Hi All, I misspoke earlier - we have an index set of 195 F and 195 R that we use on rotation. Most labs don’t use quite this many - it really depends on your throughput

James Fellows Yates (james_fellows_yates@eva.mpg.de)
2022-08-01 10:21:52

@channel please can everyone move to the purple room!

Raphaela St (raphaela_stahl@eva.mpg.de)
2022-08-01 10:36:48

@Raphaela St has joined the channel

Christina Warinner (warinner@shh.mpg.de)
2022-08-01 11:26:28

Hi All, there were some great questions earlier about sequencing. Here are two additional tips: You want to match your expected DNA length to your sequencing chemistry. Illumina sequencing kits come in a few flavors depending on the instrument model, typically 100 cycle, 150 cycle, and 300 cycle kits. You can use these to sequence single end (SE) 100 bp, 150 bp, or 300 bp; or you can use them to do paired end (PE) sequencing of 2x50 bp, 2x75 bp, or 2x150 bp. Some sequencing centers also allow you to use the 300 cycle kit to do 2x100 bp. You want to match your sequencing chemistry to your DNA. For example, imagine you are sequencing a really important set of libraries on a NextSeq (with 2-color chemistry). Your TapeStation says that your mode DNA length is 60 bp (with some spread on either side). I’d recommend using 2x75 bp sequencing. That will allow you to sequence everything up to 150 bp, which is probably almost all of your data. This will maximize your sequencing efficiency and get high quality, high confidence data. You DO NOT want to sequence with 2x150 bp chemistry. Beyond being a waste of money (because you are paying for sequence data you won’t get), it will also reduce the calculated basecalling of the run and could cause it to fail. This is because by the time the instrument reaches cycle 120 or so, you will have probably already sequenced almost everything that is there and now most of the clusters will just be showing black. This will cause the instrument to have trouble locating the clusters, and the software is likely to interpret this as an error and stop the run or flag your run as failed. So, a good rule of thumb for ancient sequencing is as follows: 2x75 bp or 2x100 bp for ancient microbial DNA; 2x150 bp for modern DNA (for genomic DNA sheared to 500 bp). That will give you the best possible data.
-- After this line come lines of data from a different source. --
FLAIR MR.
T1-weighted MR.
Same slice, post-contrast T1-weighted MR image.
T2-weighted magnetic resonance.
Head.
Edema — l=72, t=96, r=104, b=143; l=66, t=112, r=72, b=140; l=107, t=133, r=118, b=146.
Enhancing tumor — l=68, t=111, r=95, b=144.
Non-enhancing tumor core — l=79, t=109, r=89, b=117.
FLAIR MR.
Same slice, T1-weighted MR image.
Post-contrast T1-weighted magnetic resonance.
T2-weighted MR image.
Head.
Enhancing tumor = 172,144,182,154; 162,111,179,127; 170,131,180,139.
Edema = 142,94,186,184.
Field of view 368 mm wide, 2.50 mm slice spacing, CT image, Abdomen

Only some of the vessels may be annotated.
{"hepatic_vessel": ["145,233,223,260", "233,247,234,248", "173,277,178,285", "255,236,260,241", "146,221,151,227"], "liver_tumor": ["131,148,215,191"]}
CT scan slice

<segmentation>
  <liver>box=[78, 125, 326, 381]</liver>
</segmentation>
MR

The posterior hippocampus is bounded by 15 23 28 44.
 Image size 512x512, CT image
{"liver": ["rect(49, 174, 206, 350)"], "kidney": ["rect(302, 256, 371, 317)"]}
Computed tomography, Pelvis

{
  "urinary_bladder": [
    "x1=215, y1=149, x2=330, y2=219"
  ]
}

Use paired end sequencing for microbial DNA. Although people doing human aDNA sequencing sometimes use SE sequencing, I STRONGLY recommend that you only use PE sequencing for microbial DNA. This is because de novo assembly works best with PE data. You can force de novo assemblers to use SE data, but it doesn’t work very well and will result in lower quality results. Also, by using PE data, you will achieve higher quality basecalling and have high quality sequences. So if you always PE sequence microbial DNA, you will have high quality data that you can also use to make MAGs (metagenome-assembled genomes).
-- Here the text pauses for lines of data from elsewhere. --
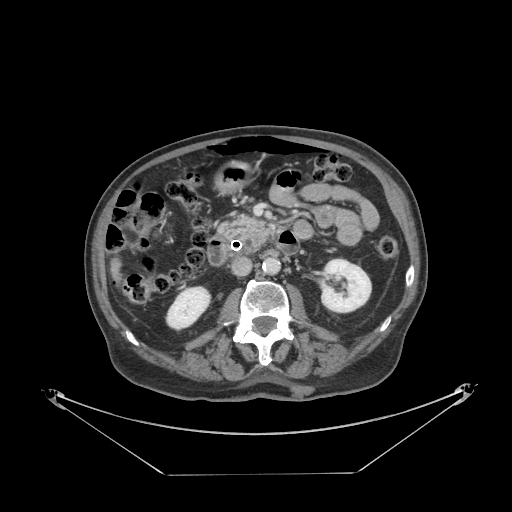 CT slice | 512x512 px
pancreas: x1=220 y1=218 x2=270 y2=246
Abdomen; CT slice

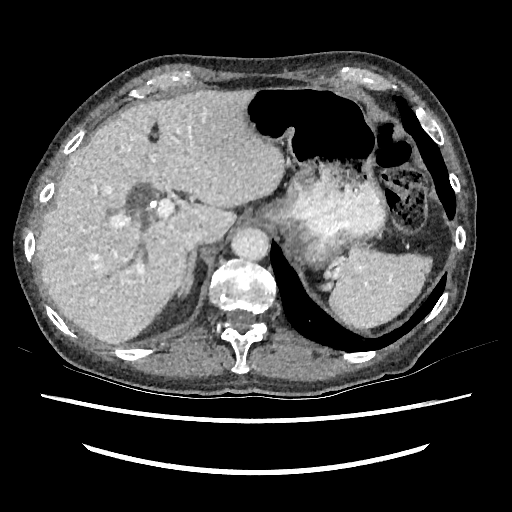
liver: <box>36,91,282,342</box>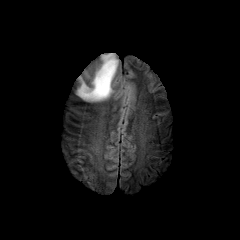
FLAIR MR image.
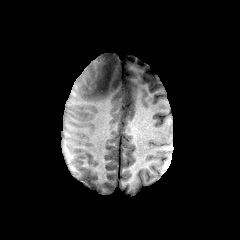
T1-weighted MRI.
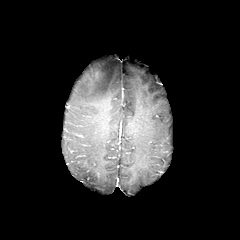
Post-contrast T1-weighted MR of the same slice.
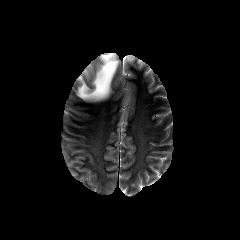
T2-weighted magnetic resonance.
Head.
Edema: bounding box 77:53:118:101.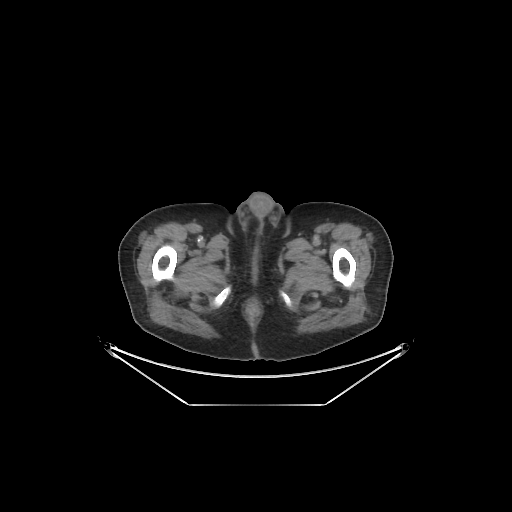

CT. 512x512 px.
Bone at [x1=282, y1=292, x2=291, y2=305], [x1=333, y1=247, x2=355, y2=287], [x1=213, y1=287, x2=229, y2=306], [x1=152, y1=245, x2=176, y2=281].
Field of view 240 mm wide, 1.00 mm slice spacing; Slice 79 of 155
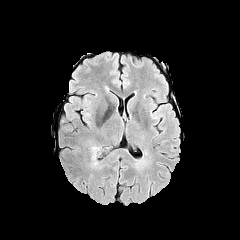
FLAIR MR image.
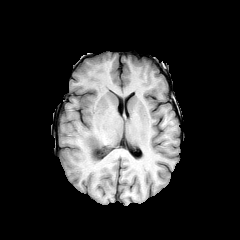
T1-weighted MR image of the same slice.
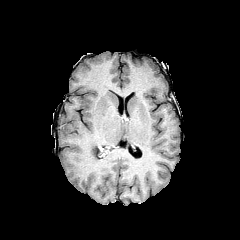
Post-contrast T1-weighted MRI of the same slice.
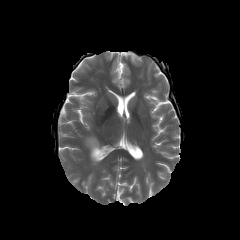
T2-weighted MR image.
The edema lies within 86 139 99 165.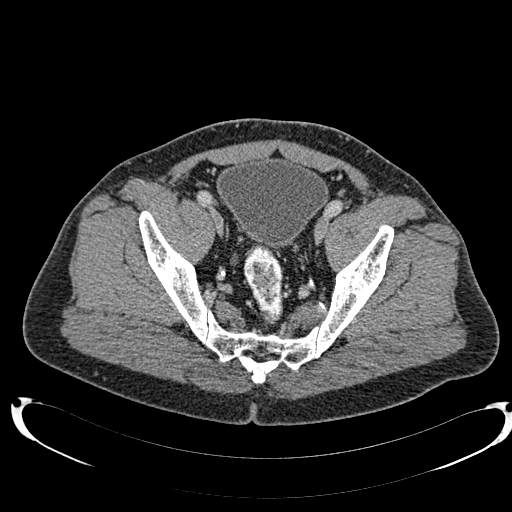

CT image, 512x512
Segmented structures:
* urinary bladder: l=218, t=157, r=328, b=248

👍:skin_tone_4: Anan Ibrahim
👍 Tre Blohm, Jasmin Frangenberg, I-Ting Huang, Davide Bozzi, Nikolay Oskolkov, Percy Ho
Christina Warinner (warinner@shh.mpg.de)
2022-08-01 15:48:52

@channel Hi All, we’re gathering now for the Roundtable! Please return and turn on your webcams

Christina Warinner (warinner@shh.mpg.de)
2022-08-01 15:49:29

And everyone please take a seat at one of the tables

Laura Carrillo Olivas (laura-carrillo-olivas@hotmail.com)
2022-08-02 10:19:18

since yesterday I tried a couple of times do this step but I'm stuck, $ mkdir images $ while read filepath; do > echo "${filepath}" images/$(basename ${filepath}) > # mv ${filepath} images/$(basename ${filepath}) > done < File_names.txt it created the file but is empty ¿filepath is a variable?, in the presentation I din't find it, or I need to put a specific path?
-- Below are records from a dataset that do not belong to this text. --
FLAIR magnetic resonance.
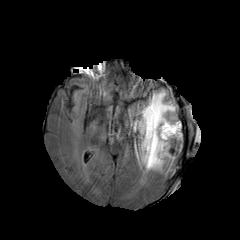
T1-weighted MR.
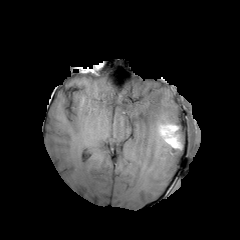
Post-contrast T1-weighted MRI.
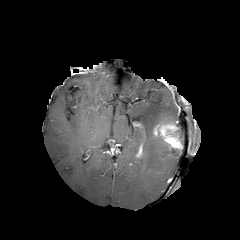
T2-weighted MRI.
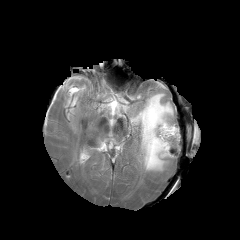
The non-enhancing tumor core is bounded by left=172, top=127, right=180, bottom=148. The edema appears at left=128, top=89, right=181, bottom=172. The enhancing tumor is at left=154, top=123, right=178, bottom=147.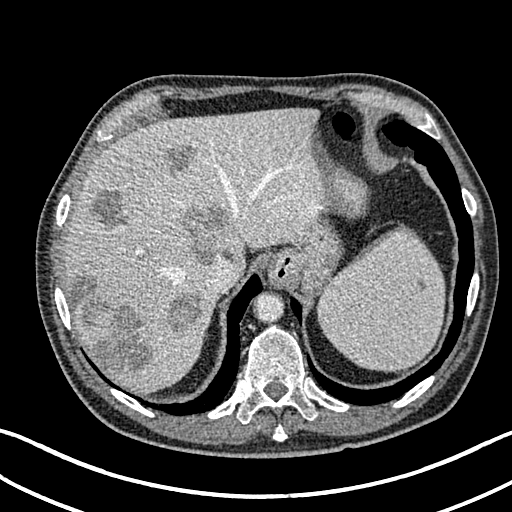

Upper abdomen; Image size 512x512; CT scan slice
Liver = x1=63, y1=109, x2=329, y2=389.
Liver lesion = x1=182, y1=206, x2=234, y2=264; x1=68, y1=275, x2=108, y2=324; x1=95, y1=305, x2=150, y2=370; x1=91, y1=190, x2=128, y2=232; x1=167, y1=292, x2=202, y2=333; x1=165, y1=146, x2=197, y2=176.

James Fellows Yates (james_fellows_yates@eva.mpg.de)
2022-08-02 10:25:02

*Thread Reply:* @aidanva 👆

aidanva (aida.andrades@gmail.com)
2022-08-02 10:28:00

*Thread Reply:* Hi!

aidanva (aida.andrades@gmail.com)
2022-08-02 10:30:33

*Thread Reply:* so ${filepath} is indeed a variable, that stores a line of the File_names.txt

aidanva (aida.andrades@gmail.com)
2022-08-02 10:31:42

*Thread Reply:* the while loop will read one line at a time from File_names.txt, which will modify ${filepath} to be one line each time

aidanva (aida.andrades@gmail.com)
2022-08-02 10:32:05

*Thread Reply:* what does your file File_names.txt contain?

Laura Carrillo Olivas (laura-carrillo-olivas@hotmail.com)
2022-08-02 13:28:27

*Thread Reply:* is empty

aidanva (aida.andrades@gmail.com)
2022-08-02 13:29:54

*Thread Reply:* ah, that's why the while loop is not printing anything, you will need to run this before: suffix="jpg" find Boosted-BBB/ -type f -name "**${suffix}" > File_names.txt

aidanva (aida.andrades@gmail.com)
2022-08-02 13:30:16

*Thread Reply:* and check if the File_names.txt contains the path to your jpg files

aidanva (aida.andrades@gmail.com)
2022-08-02 13:30:35

*Thread Reply:* let me know if not, and we can continue to debug 🙂

Laura Carrillo Olivas (laura-carrillo-olivas@hotmail.com)
2022-08-04 23:22:48

*Thread Reply:* Thank you very much!! Do all the steps again and it worked!! To which email do I send the new script for the image sorting with new folders?

:mask_parrot: aidanva
James Fellows Yates (james_fellows_yates@eva.mpg.de)
2022-08-05 07:58:34

*Thread Reply:* aida_andrades@eva.mpg.de

👆 aidanva
aidanva (aida.andrades@gmail.com)
2022-08-05 08:27:35

*Thread Reply:* The one James indicated 🙂

James Fellows Yates (james_fellows_yates@eva.mpg.de)
2022-08-02 13:24:27

@channel Poll time:

Polly
2022-08-02 13:24:54

@James Fellows Yates has a polly for you!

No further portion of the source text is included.